Autism spectrum disorder (ASD) is a behaviorally defined neurodevelopmental disorder that now affects almost 2% of children in the United States (US). Although ASD is a very heterogeneous disorder with many associated psychiatric and medical co-morbidities (1), specific core symptoms define its diagnosis. ASD is defined by a deficit in social-communication along with the presence of repetitive and/or restricted interests and/or behaviors. ASD is a relatively new medical disorder, first described by two practitioners, Leo Kanner and Hans Asperger, in the 1940s, it was not recognized as its own disease in the Diagnostic Statistical Manual of Mental Disorders (DSM) until 1987 (2). Since then it has gone through several revisions in its definition. In the 4th edition of the DSM it was divided into three distinct categories, only for these subcategories to be dropped in the 5th edition of the DSM in lieu of being consider one disorder on a spectrum depending on levels of supports needed for the individual to function.
The history of the evolving and fluctuating definition of ASD is in no doubt driven by the fact that the etiology of ASD is still largely unknown. The fact that ASD appears to have a highly heritable component has driven research into genetic causes of ASD (3). However, empirical clinical studies have not supported a strong genetic component. In fact inherited single gene and chromosomal defects seem to only account for a minority of ASD cases (4) and studies pointing to single-gene disorders find that these mutations are rare de novo, not inherited, mutations (5,6). Thus, it is becoming clear that ASD arises from complicated interactions between genetic predisposition and environmental factors (7,8). Recent reviews demonstrate that there are numerous environmental agents and prenatal factors that increase the risk of ASD (9).
As research in ASD has evolved, studies focusing on non-genetic physiological factors, including mitochondrial dysfunction, redox metabolism, immune dysregulation and inflammation, have grown rapidly over the last two decades (3). What is exciting about this non-genetic research is that identification of physiological targets opens the promise to the development of effective therapies for ASD. This type of research is critical as currently effective treatments for ASD, especially those that target underlying biological pathophysiology, are absent, creating a significant unmet need for the millions of individuals who suffer from ASD.
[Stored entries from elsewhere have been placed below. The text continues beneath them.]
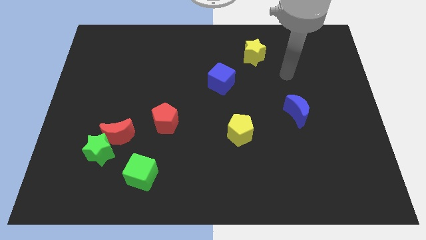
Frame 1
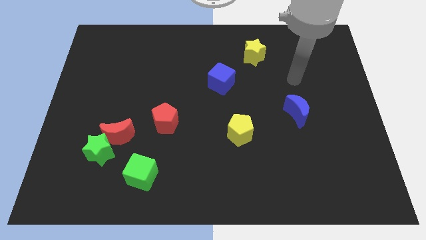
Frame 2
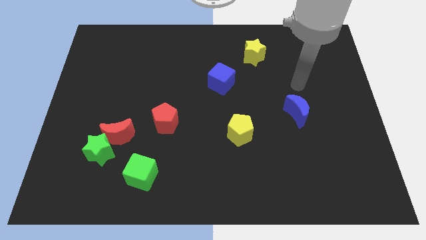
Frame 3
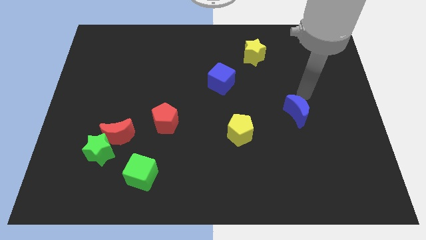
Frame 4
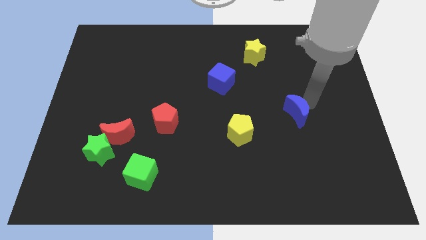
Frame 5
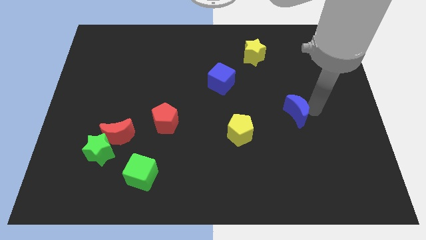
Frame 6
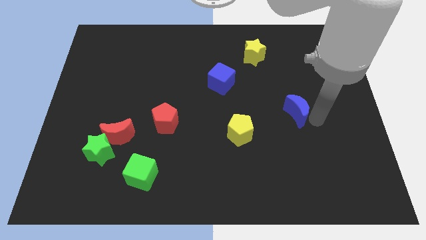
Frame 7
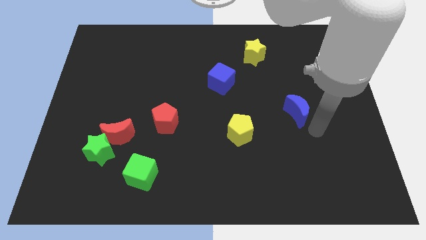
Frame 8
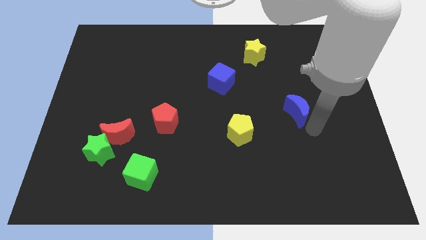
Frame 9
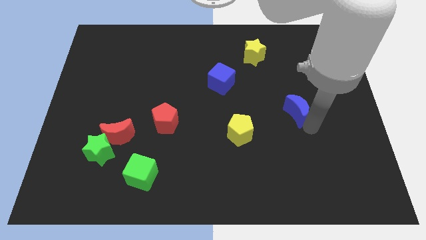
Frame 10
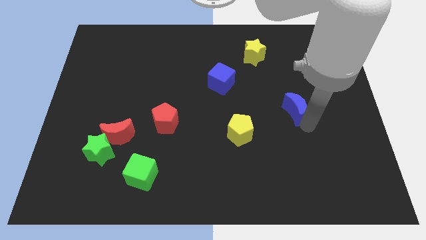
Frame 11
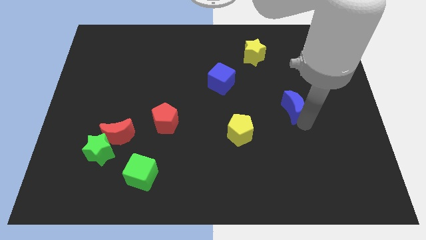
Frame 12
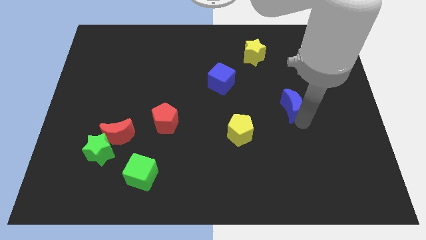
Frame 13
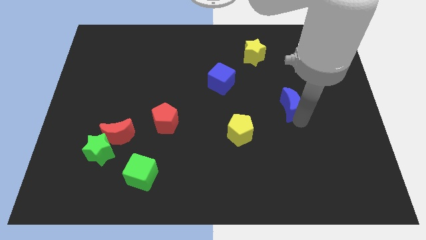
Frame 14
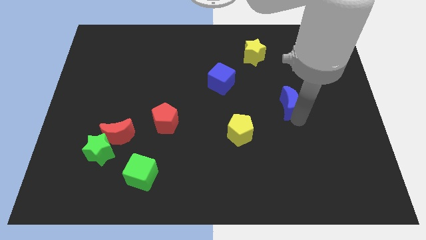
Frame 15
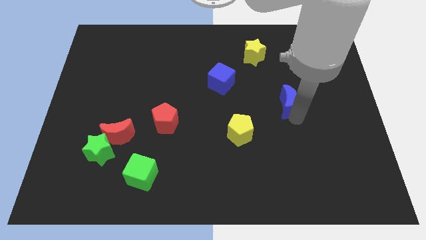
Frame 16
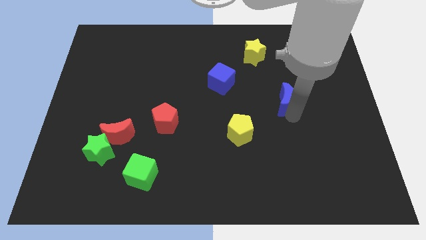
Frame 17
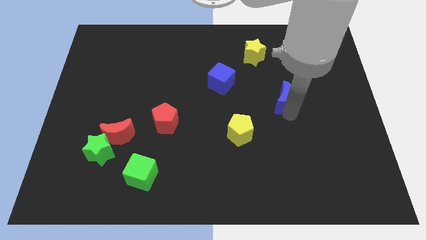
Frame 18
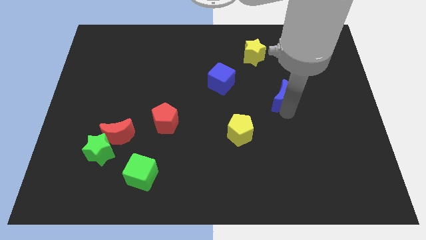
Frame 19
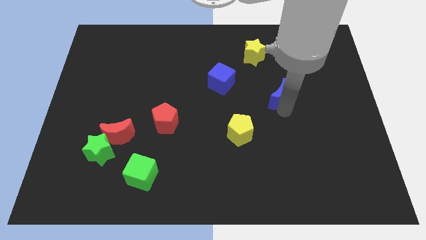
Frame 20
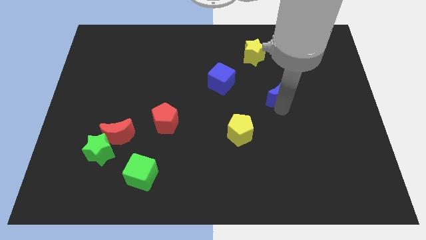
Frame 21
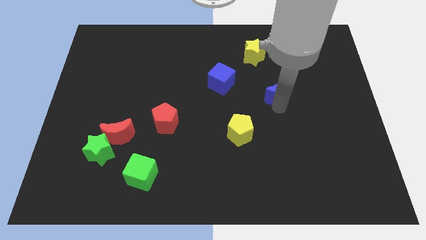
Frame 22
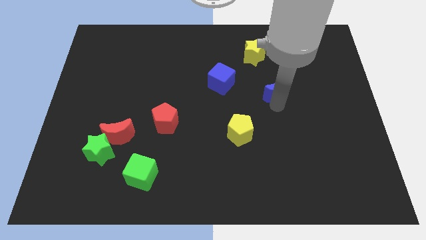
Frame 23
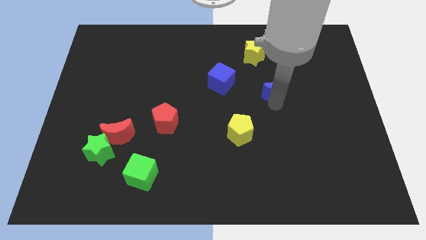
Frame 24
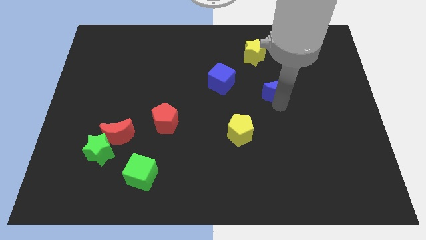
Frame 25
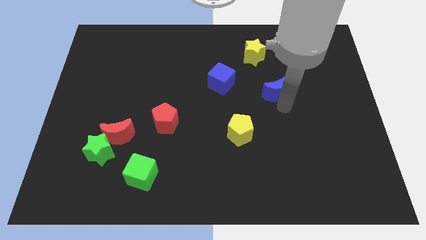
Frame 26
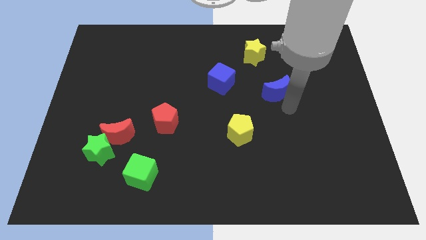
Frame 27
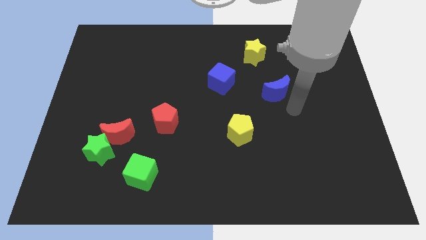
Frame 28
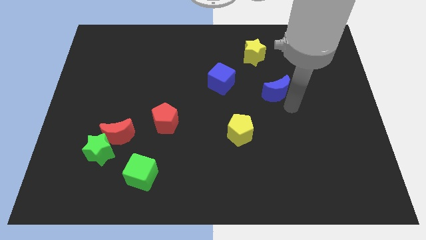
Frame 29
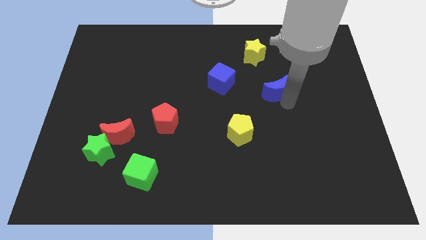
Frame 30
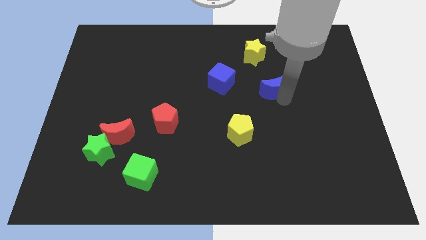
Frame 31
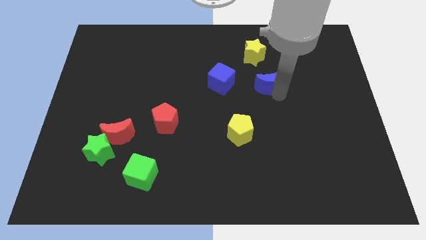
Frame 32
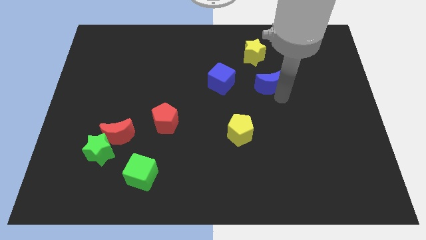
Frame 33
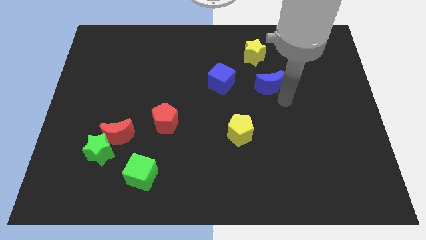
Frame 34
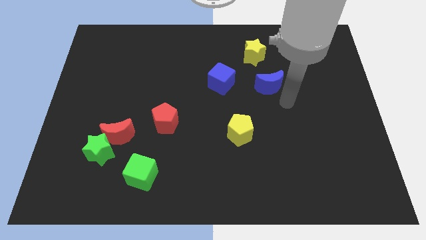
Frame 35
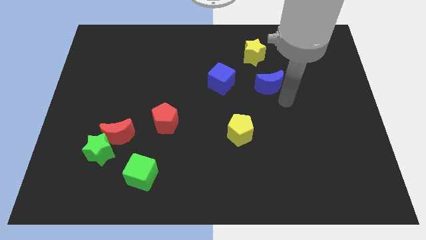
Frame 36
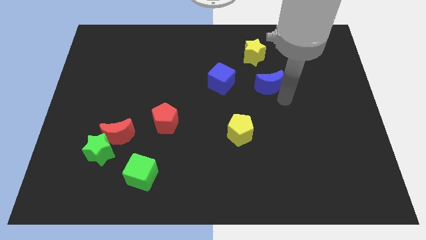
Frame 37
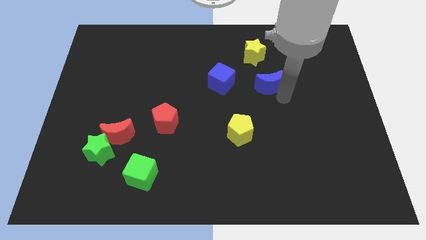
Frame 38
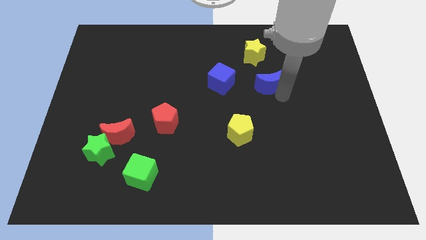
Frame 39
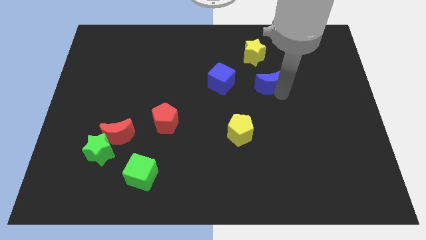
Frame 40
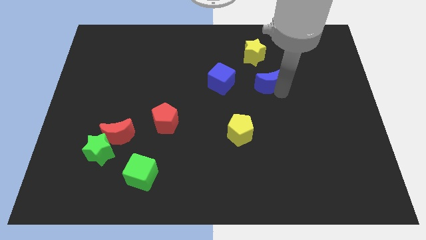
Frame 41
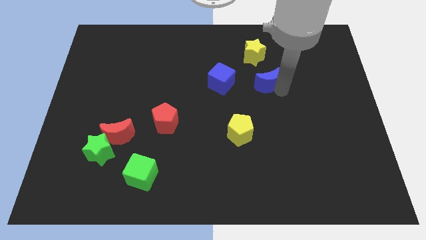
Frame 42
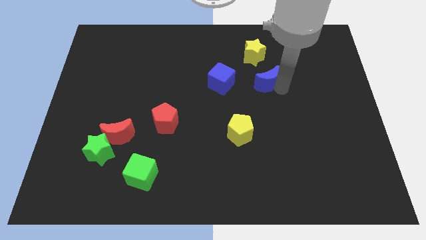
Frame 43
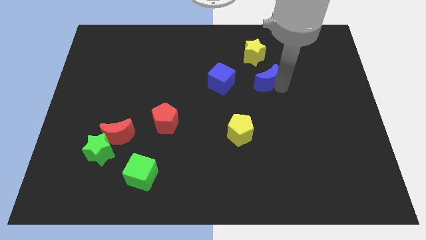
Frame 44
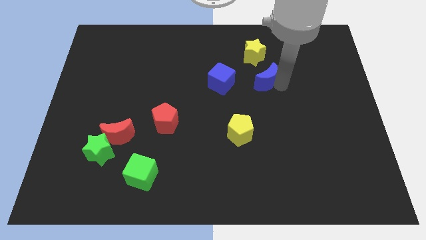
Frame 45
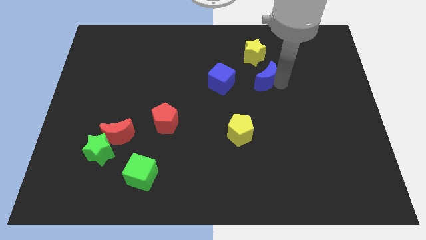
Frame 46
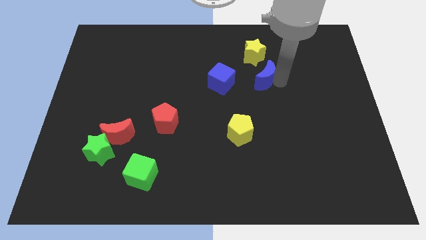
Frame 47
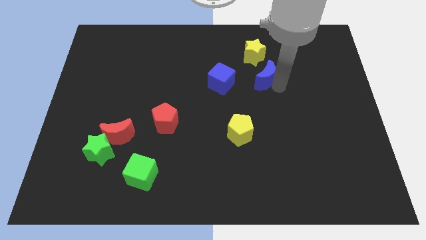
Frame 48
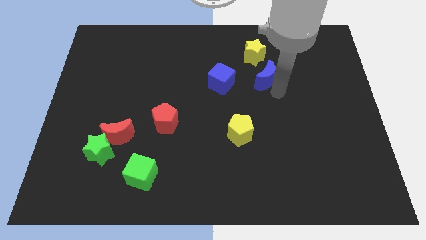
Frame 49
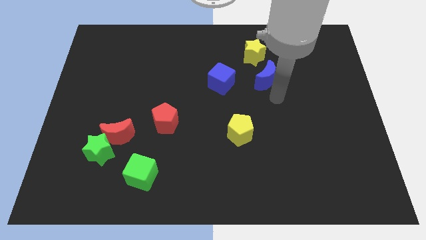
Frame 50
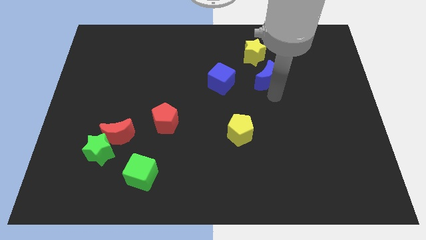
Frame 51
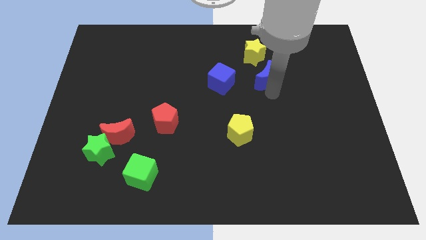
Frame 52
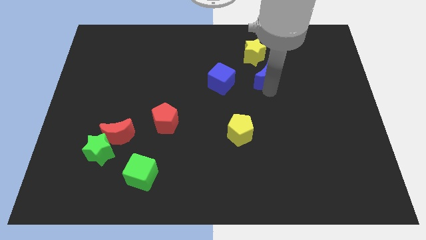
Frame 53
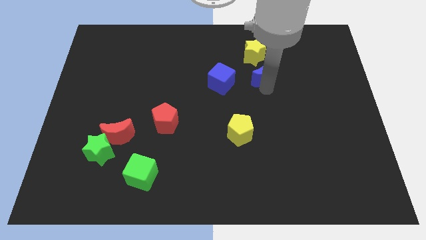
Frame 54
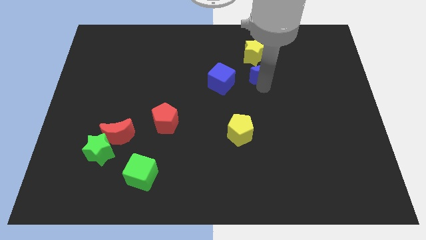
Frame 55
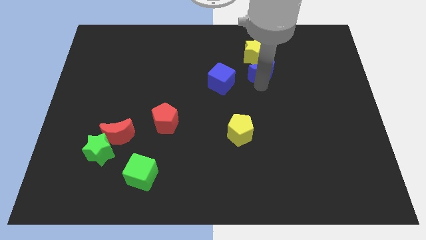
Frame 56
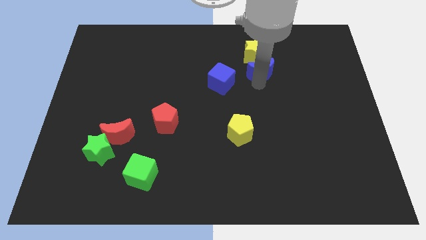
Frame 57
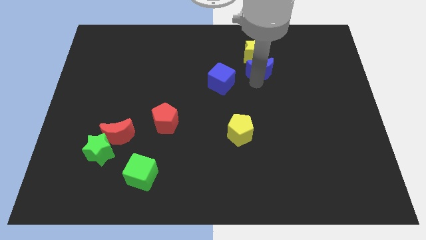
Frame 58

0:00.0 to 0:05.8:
slide the blue moon to the yellow star

At this time, the standard-of-care treatment for core ASD symptoms is a combination of behavioral therapy such as applied behavioral analysis (ABA) combined with educational and other rehabilitation therapies such as occupational and speech therapies. Behavior therapy requires full-time engagement with a one-on-one therapist over several years starting early in life (10,11) but, unfortunately, can be difficult to obtain since it is not covered by many medical insurers and is not available in the education system in many states (12,13). Even when applied in a consistent manner, many times behavioral therapies results in incomplete recovery (10) and life-long supportive care into adulthood is required (14).
At this time, the only US Food and Drug Administration (FDA) approved drugs for ASD are atypical antipsychotics. These medications have an indication for a serious behavioral problem associated with ASD called irritability. However, these medications do not target core symptoms of ASD and do not positively influence the underlying pathophysiology of ASD, thus they merely treat symptoms without affecting the disease process. These medication have significant adverse effects, particularly troublesome is their negatively effect on lipid and glucose metabolism and body weight (15-17), increasing the risk of cardiovascular disease and type-2 diabetes (18) and potentially causing tardive dyskinesia, a serious movement disorder (19).
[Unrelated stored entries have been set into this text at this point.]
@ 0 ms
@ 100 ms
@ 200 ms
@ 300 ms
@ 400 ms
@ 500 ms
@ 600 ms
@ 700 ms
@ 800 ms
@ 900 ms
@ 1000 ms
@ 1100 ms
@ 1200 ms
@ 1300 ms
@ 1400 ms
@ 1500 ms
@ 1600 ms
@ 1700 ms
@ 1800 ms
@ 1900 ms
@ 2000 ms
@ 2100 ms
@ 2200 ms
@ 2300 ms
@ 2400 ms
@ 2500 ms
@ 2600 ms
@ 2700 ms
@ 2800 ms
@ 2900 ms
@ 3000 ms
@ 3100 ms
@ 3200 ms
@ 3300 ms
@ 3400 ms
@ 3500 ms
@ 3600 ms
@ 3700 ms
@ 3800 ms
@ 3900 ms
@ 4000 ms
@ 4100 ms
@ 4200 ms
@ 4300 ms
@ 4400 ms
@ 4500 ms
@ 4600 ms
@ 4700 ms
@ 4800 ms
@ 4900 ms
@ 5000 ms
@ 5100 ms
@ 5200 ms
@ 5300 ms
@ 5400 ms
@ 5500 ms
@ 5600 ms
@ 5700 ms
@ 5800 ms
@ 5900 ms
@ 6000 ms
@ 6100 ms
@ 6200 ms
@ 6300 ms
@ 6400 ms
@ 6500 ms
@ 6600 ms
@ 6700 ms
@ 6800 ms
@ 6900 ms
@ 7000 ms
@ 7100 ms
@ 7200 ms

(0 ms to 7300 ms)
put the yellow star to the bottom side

Thus, an effective treatment, especially one that is safe and targets underlying pathophysiological processes could substantially change the course of the lives of many children and their families who are affected by ASD. At our center we have concentrated on correcting metabolism disruptions because of the significant safety profile of the treatments (20). However, more and more evidence has pointed to the importance of the immune system as an important etiological factor and ongoing physiological disruption in individuals with ASD (21). However, one major problem in addressing immune system abnormalities is that immunological treatments have a high adverse effect profile (22).
In the paper by Carpenter et al. (23) the authors investigate the novel treatment of autologous umbilical cord single-infusion in a Phase I clinical trial. Animal models suggest that such therapy positively influences the immune system by suppressing inflammation. Preliminary data suggest that this therapy is well-tolerated without significant adverse effects and may improve core symptoms of ASD including social function and communication. This type of pioneering study is of the upmost importance at this time since non-FDA regulated forms of “stem-cell therapy” are being marketed and offered both inside and outside the US, with little guidance as to whether the therapy is safe and effective. Families desperate for effective therapies for their children will sometimes use such treatment centers with only hope that the treatment will work. Although Carpenter et al. (23) has taken the first step to investigate this promising therapy both Phase II and III clinical trials, some of which are underway in the US (NCT02847182
As previously mentioned, ASD is considered a spectrum leading to considerable heterogeneity in the population and leading to many challenges when conducting clinical trials (24). Individuals with ASD have large variation in intellectual development and many have common medical co-morbidities (24). Heterogeneity sometimes can be mitigated by selecting participants to match their outcome measure. For example, antipsychotic drug trials have targeted highly irritable individuals with ASD since their primary outcome measure was irritability (25). However, being preliminary, the Carpenter et al. (23) study was exploratory in regards to outcome measure and aimed to target general aspects of ASD. Furthermore, open-label uncontrolled trials, such as Carpenter et al. (23), need to be considered cautiously especially due to the significant placebo effect seen in some clinical trials in individuals with ASD (2). Unfortunately, it has not been uncommon for controlled clinical trials to fail because they were based on outcome measures validated in open-label uncontrolled trials which did not account for many important factors that added bias and variability (24).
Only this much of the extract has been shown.